Where an image appears in the data, omit it and reproduce the rest exactly.

** SOURCE DATA follows **

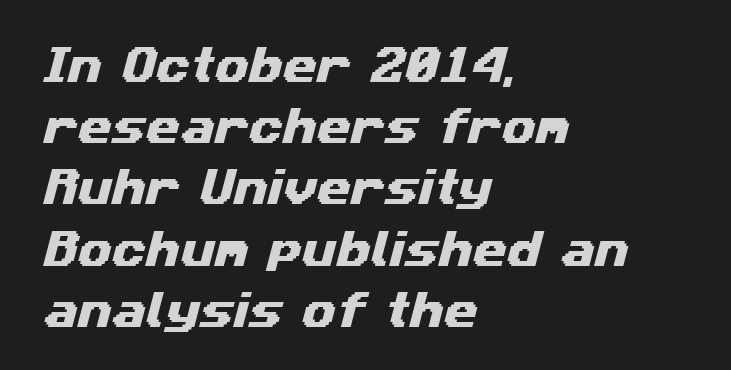
Words float on clear page, feet unadorned. A classic flush-left, rag-right setting is used for this passage. The passage shown stacks its lines at a standard gap. The letterforms sit shoulder to shoulder at normal distance. Serif or sans? Sans — the stroke terminals are bare. You could not count columns in this text — the font is proportionally spaced.
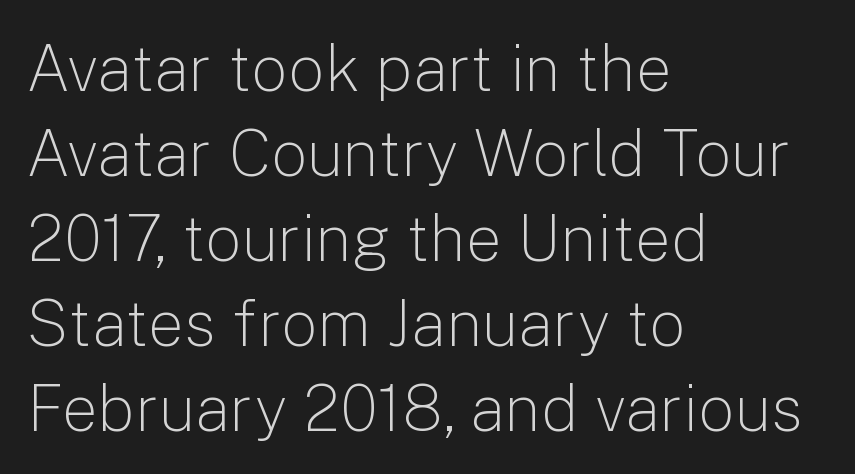
The image shows 64 px light sans-serif type, upright; set left-aligned, normal line spacing (1.33x), normal letter spacing, not underlined; low stroke contrast and a medium x-height.
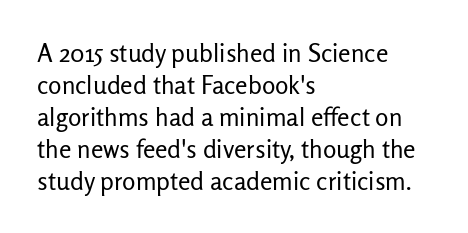
Glance below the letters and you will spot only blank space. The weight tops out at a normal text grade. Teacher's note: observe the even left margin — that is flush-left alignment. Interline gaps are of average width in this sample. In terms of posture, this sample is upright.
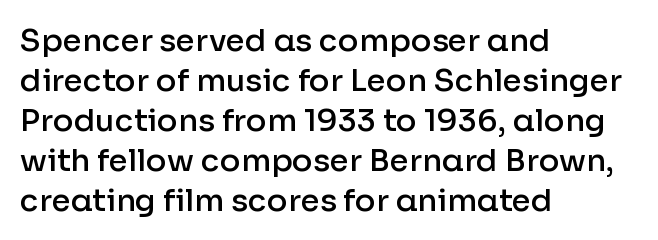
Q: Is the text bold? A: Semi-bold.
Q: Is the text italic (slanted)? A: No, it is upright.
Q: Is the typeface a serif or a sans-serif typeface? A: Sans-serif.
Q: Is the text underlined? A: No.
Q: How is the paragraph aligned? A: Left-aligned.
Q: Is the spacing between letters normal or unusually wide? A: Normal.
Q: Is the spacing between lines tight, normal or loose? A: Normal.
Q: Width (condensed, normal, or wide)? A: Normal.
Q: Stroke contrast? A: Low.
Q: x-height? A: Medium.
Q: Monospaced? A: No.

** End of SOURCE DATA **

» **RESULT OF THIS EXERCISE**:
Words float on clear page, feet unadorned. A classic flush-left, rag-right setting is used for this passage. The passage shown stacks its lines at a standard gap. The letterforms sit shoulder to shoulder at normal distance. Serif or sans? Sans — the stroke terminals are bare. You could not count columns in this text — the font is proportionally spaced.
The image shows 64 px light sans-serif type, upright; set left-aligned, normal line spacing (1.33x), normal letter spacing, not underlined; low stroke contrast and a medium x-height.
Glance below the letters and you will spot only blank space. The weight tops out at a normal text grade. Teacher's note: observe the even left margin — that is flush-left alignment. Interline gaps are of average width in this sample. In terms of posture, this sample is upright.
Q: Is the text bold? A: Semi-bold.
Q: Is the text italic (slanted)? A: No, it is upright.
Q: Is the typeface a serif or a sans-serif typeface? A: Sans-serif.
Q: Is the text underlined? A: No.
Q: How is the paragraph aligned? A: Left-aligned.
Q: Is the spacing between letters normal or unusually wide? A: Normal.
Q: Is the spacing between lines tight, normal or loose? A: Normal.
Q: Width (condensed, normal, or wide)? A: Normal.
Q: Stroke contrast? A: Low.
Q: x-height? A: Medium.
Q: Monospaced? A: No.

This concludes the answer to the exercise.